** Opening Data records block **

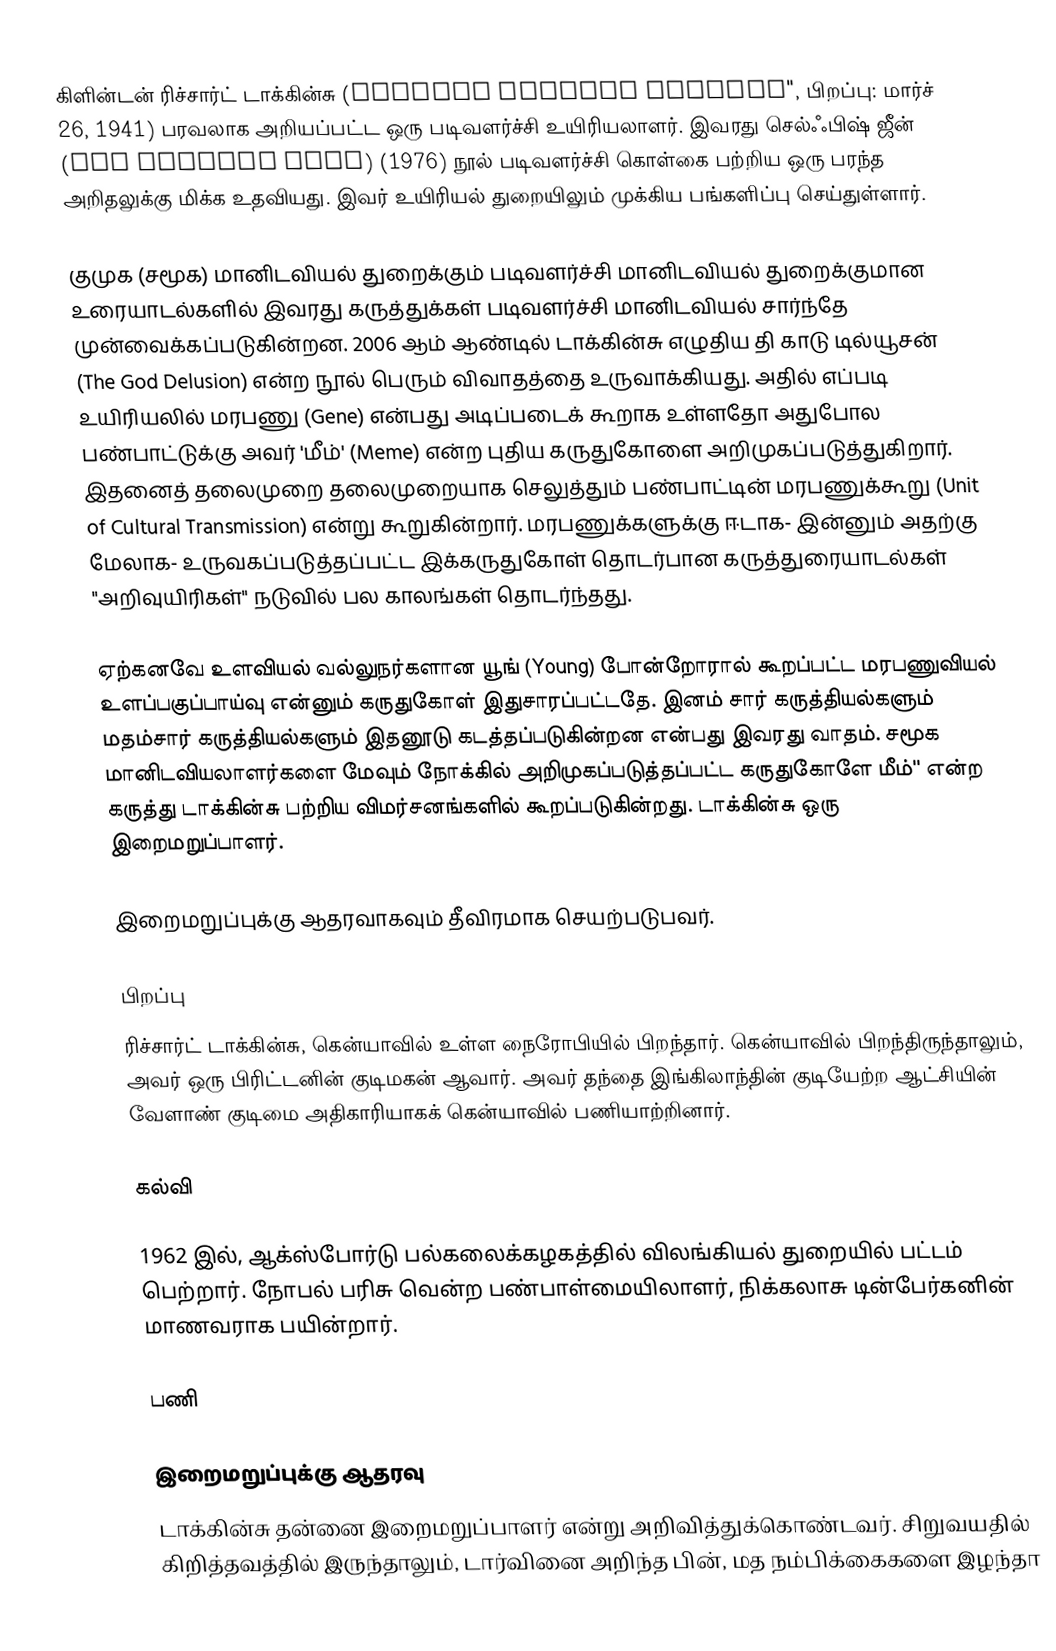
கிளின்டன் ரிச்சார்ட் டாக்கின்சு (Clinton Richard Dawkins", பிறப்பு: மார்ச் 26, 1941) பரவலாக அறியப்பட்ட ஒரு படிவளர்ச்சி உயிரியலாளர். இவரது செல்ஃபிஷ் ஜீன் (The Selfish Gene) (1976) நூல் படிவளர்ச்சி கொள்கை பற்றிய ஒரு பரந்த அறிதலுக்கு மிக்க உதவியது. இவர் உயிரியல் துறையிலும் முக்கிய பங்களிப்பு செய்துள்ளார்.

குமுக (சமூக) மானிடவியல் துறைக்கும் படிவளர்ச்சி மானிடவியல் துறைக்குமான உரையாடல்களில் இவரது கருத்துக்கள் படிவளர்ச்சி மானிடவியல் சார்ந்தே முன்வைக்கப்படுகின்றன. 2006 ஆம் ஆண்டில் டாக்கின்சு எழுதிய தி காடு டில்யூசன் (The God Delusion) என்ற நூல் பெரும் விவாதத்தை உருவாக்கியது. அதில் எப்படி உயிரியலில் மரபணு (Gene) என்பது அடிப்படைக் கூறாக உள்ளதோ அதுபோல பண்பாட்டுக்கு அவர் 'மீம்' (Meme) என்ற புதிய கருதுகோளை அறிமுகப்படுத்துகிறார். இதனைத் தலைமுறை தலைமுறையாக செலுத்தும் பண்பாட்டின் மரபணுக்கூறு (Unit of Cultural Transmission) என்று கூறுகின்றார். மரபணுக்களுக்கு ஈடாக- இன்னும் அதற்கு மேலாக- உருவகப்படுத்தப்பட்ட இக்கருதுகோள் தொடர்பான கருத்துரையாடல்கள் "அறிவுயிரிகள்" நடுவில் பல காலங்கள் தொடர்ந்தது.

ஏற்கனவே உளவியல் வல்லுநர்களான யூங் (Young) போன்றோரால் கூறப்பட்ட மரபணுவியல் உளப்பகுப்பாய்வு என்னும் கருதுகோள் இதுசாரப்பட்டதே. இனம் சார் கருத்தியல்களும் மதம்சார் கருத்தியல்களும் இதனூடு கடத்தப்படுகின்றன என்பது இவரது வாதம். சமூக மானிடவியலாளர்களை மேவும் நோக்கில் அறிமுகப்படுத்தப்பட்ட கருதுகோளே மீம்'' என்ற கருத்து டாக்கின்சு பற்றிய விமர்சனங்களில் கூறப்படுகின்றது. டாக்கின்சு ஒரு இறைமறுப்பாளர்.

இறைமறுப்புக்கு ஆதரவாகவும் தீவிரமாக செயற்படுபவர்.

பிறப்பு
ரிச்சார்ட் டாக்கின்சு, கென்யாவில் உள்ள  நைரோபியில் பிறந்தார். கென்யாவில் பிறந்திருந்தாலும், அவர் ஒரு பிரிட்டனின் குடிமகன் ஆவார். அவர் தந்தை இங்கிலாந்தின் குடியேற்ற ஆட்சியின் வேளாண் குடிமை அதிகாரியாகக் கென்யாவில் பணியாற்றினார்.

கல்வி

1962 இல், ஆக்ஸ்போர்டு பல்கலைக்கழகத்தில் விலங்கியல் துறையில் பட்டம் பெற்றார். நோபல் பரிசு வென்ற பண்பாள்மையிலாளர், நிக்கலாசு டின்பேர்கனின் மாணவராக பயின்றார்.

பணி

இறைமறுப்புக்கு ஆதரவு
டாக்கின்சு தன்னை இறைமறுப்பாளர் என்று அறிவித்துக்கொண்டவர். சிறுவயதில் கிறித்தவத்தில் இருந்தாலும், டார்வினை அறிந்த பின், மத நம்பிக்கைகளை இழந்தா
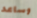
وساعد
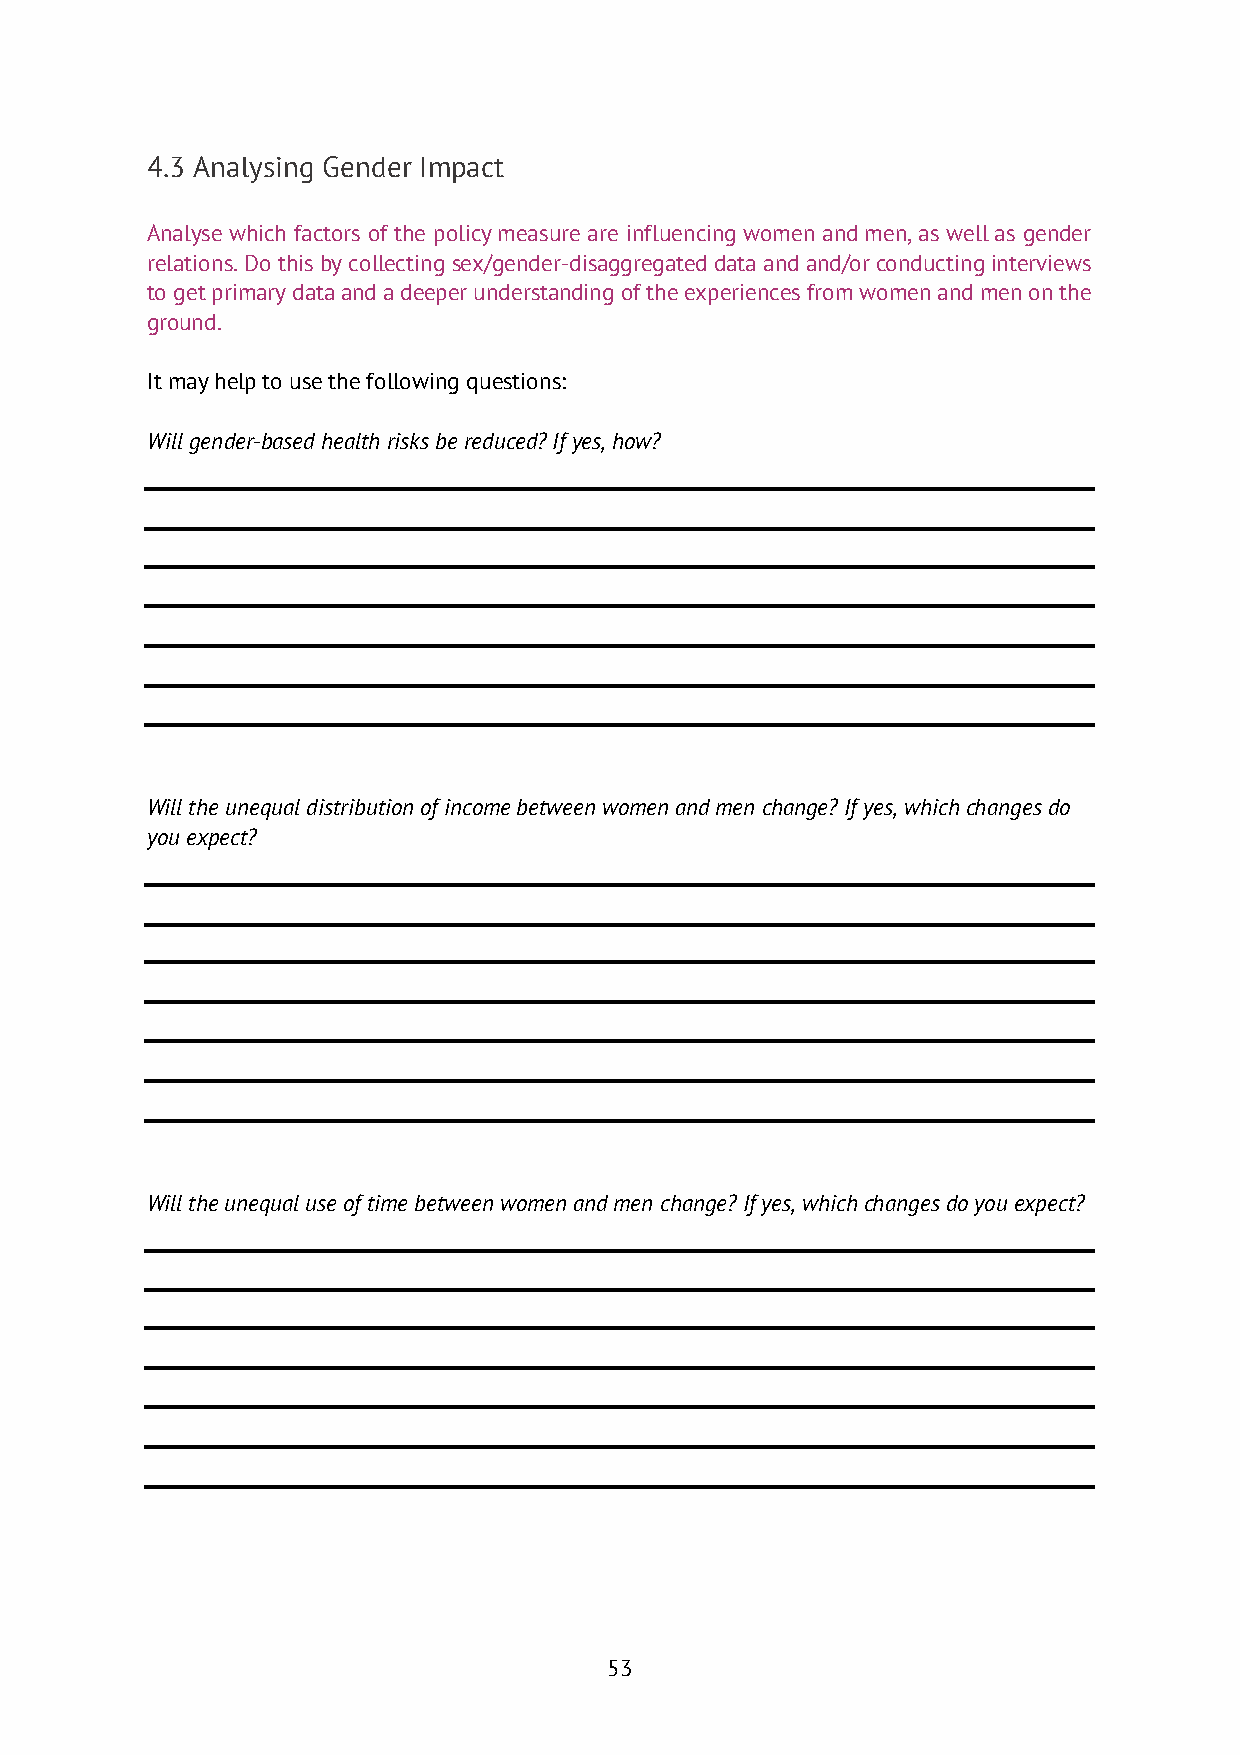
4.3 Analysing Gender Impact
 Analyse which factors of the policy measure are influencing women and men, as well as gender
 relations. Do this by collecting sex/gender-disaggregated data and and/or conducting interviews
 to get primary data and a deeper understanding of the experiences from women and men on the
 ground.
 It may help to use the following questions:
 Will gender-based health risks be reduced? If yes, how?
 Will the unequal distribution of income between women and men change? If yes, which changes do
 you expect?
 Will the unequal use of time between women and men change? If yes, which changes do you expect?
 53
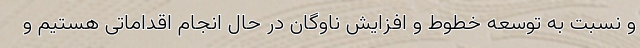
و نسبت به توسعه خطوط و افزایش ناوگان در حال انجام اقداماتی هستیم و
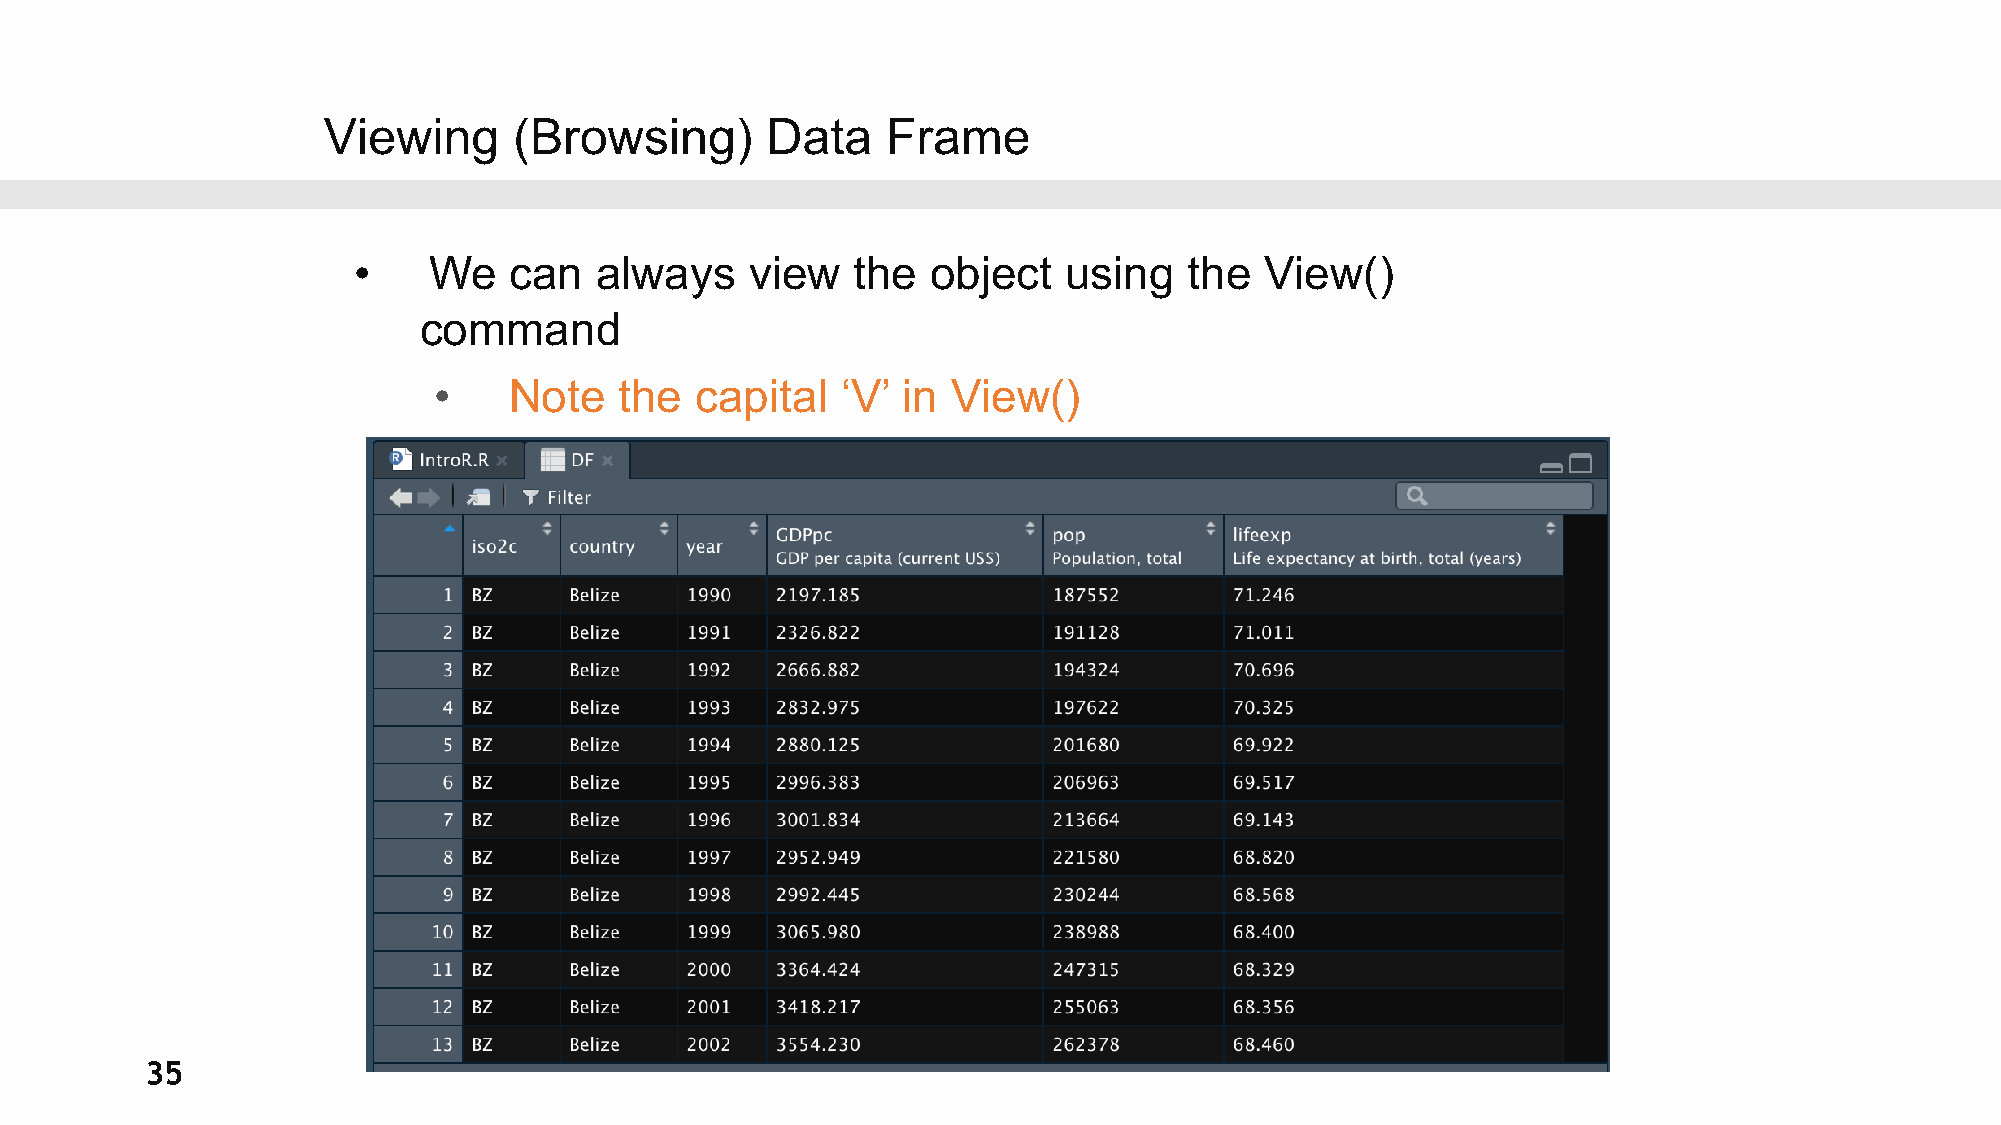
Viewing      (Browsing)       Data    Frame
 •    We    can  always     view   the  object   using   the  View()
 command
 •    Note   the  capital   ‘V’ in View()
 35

** Closing Data records block **

#### [Exercise aim]
Only exact copies are wanted here. Write out the lines from the one containing "و نسبت به توسعه" through the end of the material and no others, omitting all pictures.

#### [Answer to this task]
و نسبت به توسعه خطوط و افزایش ناوگان در حال انجام اقداماتی هستیم و
Viewing      (Browsing)       Data    Frame
 •    We    can  always     view   the  object   using   the  View()
 command
 •    Note   the  capital   ‘V’ in View()
 35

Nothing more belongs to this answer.